The second question to consider is what the resulting grammar source file ends up looking like, after the conflicts are resolved. As with other source code, a grammar is meant to be read by humans, and secondarily also by computers. Prefer a notation that gives a clearer explanation of what the parser is trying to do from the grammar. That is, if the parser is executing some possibly undefined behavior, for example, order of evaluation of a function's arguments in an eager language, make the grammar look ambiguous.
You can guide the conflict resolution with operator precedence. Declare 'b' as an left- or right-associative operator and you have covered at least that case.
For more complex patterns, as long as the final parser produces the correct result in all cases, the warnings isn't much to worry about. Though if you can't get it to give the correct result using declarations you would have to rewrite the grammar.
In my compiler course last semester we used bison, and built a compiler for a subset of pascal.
If the language is complex enough, you will have some errors. As long as you understand why they are there, and what you'd have to do to remove them, we found it to be alright. If something was there, but due to the behaviour would work as we wanted it to, and would require much to much thought and work to make it worth while (and also complicating the grammar), we left it alone. Just make sure you fully understand the error, and document it somewhere (even for yourself), so that you always know what's going on with it.

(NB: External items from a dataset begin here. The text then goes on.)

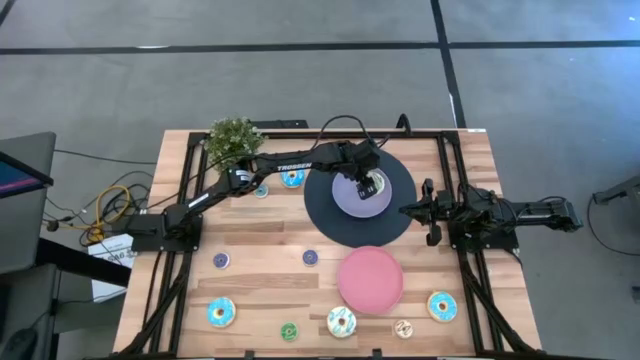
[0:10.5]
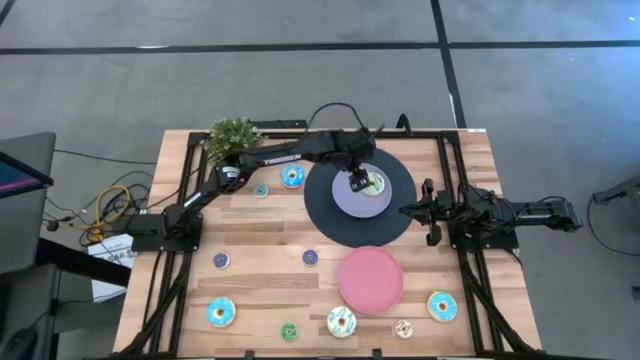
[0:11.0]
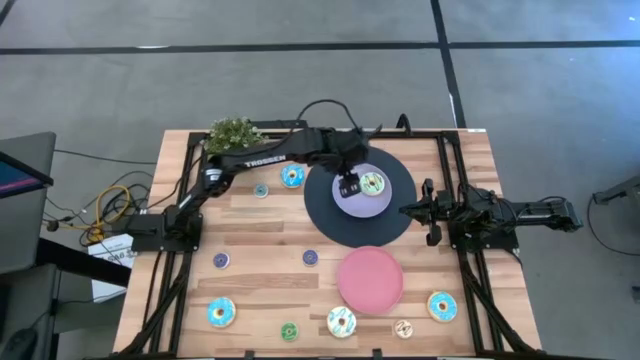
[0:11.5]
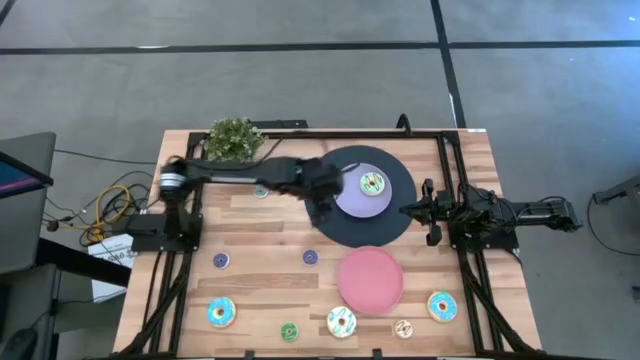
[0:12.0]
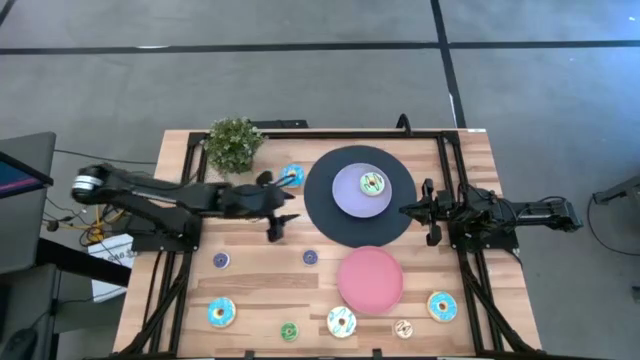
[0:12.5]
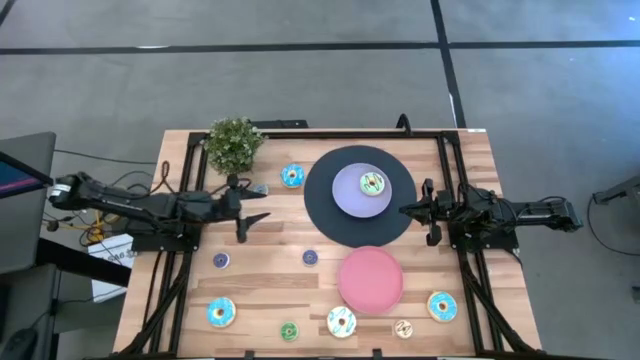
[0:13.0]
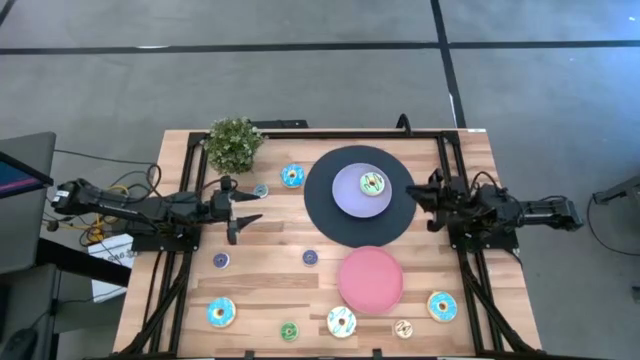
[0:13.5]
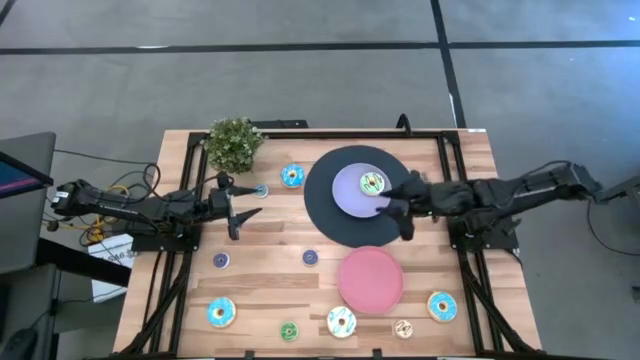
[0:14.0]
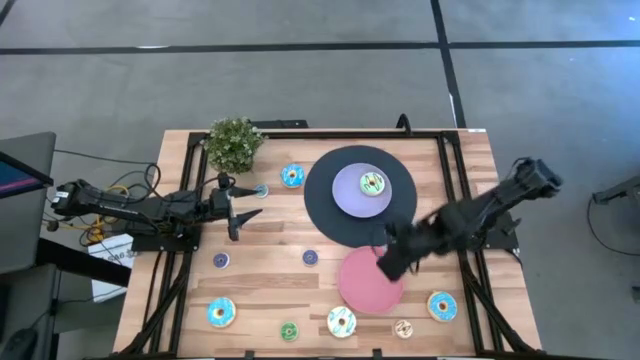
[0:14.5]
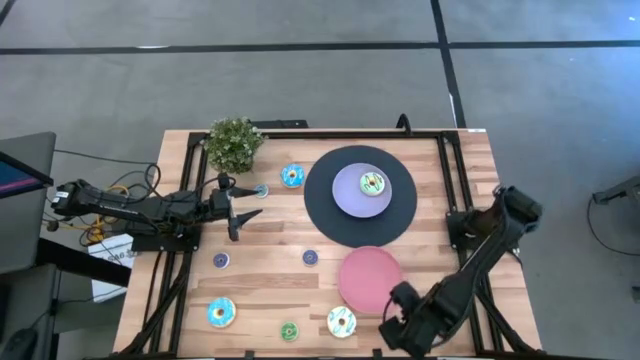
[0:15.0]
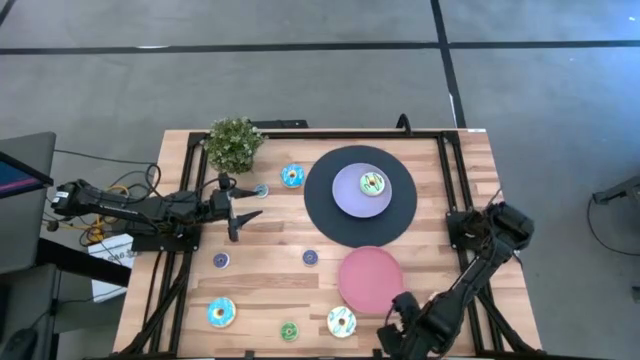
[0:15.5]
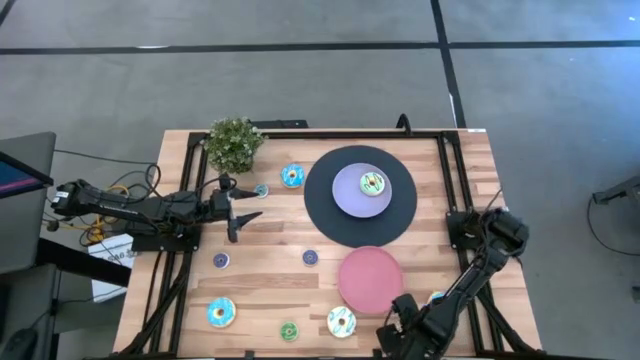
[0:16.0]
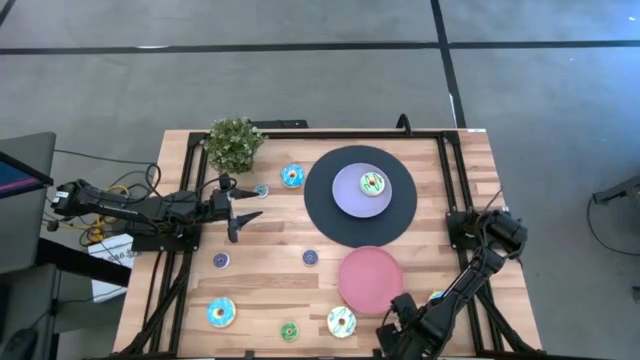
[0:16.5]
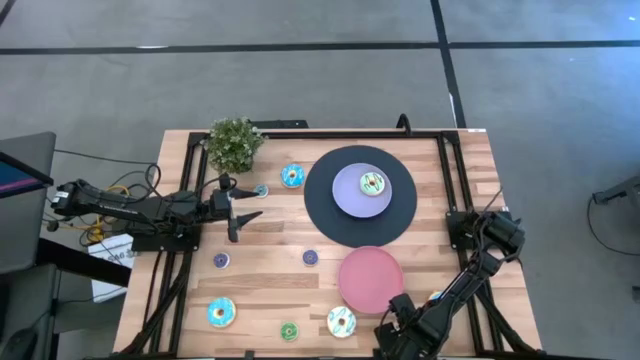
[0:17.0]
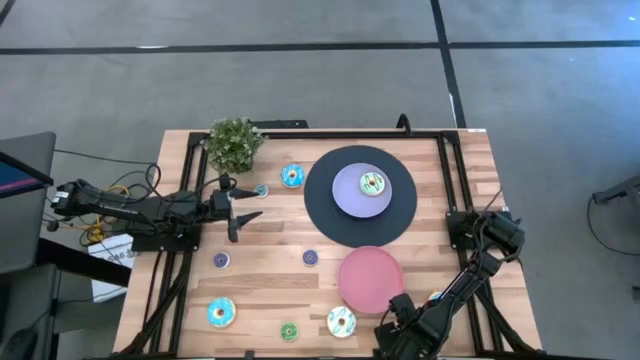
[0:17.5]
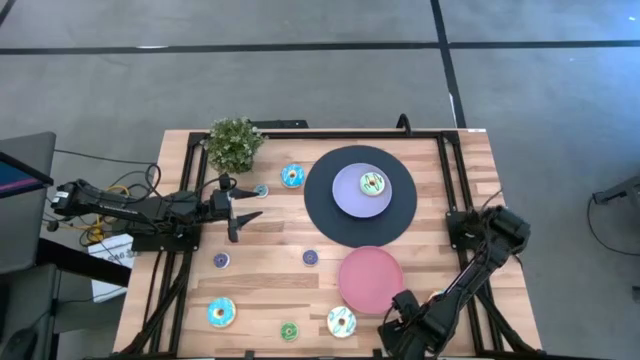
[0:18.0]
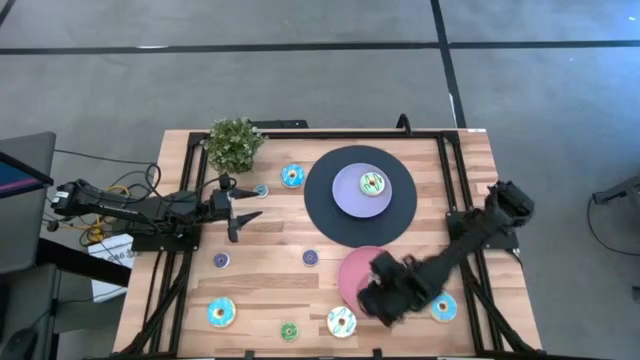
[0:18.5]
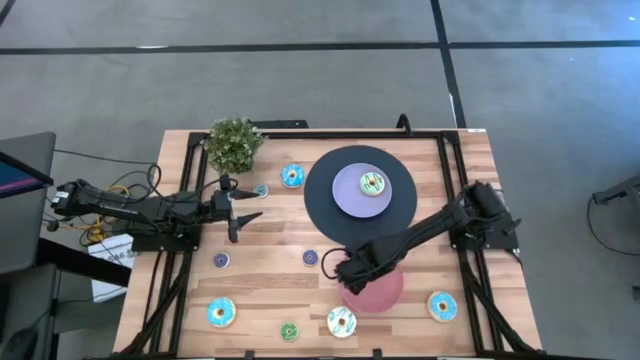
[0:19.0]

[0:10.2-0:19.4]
Put the small white donut into the pink plate

It's a cost/benefit analysis once things get really involved, but IMHO, fixing it should be considered FIRST, then actually figure out what the work would be (and if that work breaks something else, or makes something else harder), and go from there. Never pass them off as commonplace.
When I need to prove that a grammar is unambiguous, I tend to write it first as a Parsing Expression Grammar, and then convert it by hand to whatever grammar type the tool set I'm using for the project needs. In my experience, the need for this level of proof is very rare, though, since most shift/reduce conflicts I have come across have been fairly trivial ones to show the correctness of (on the order of your example).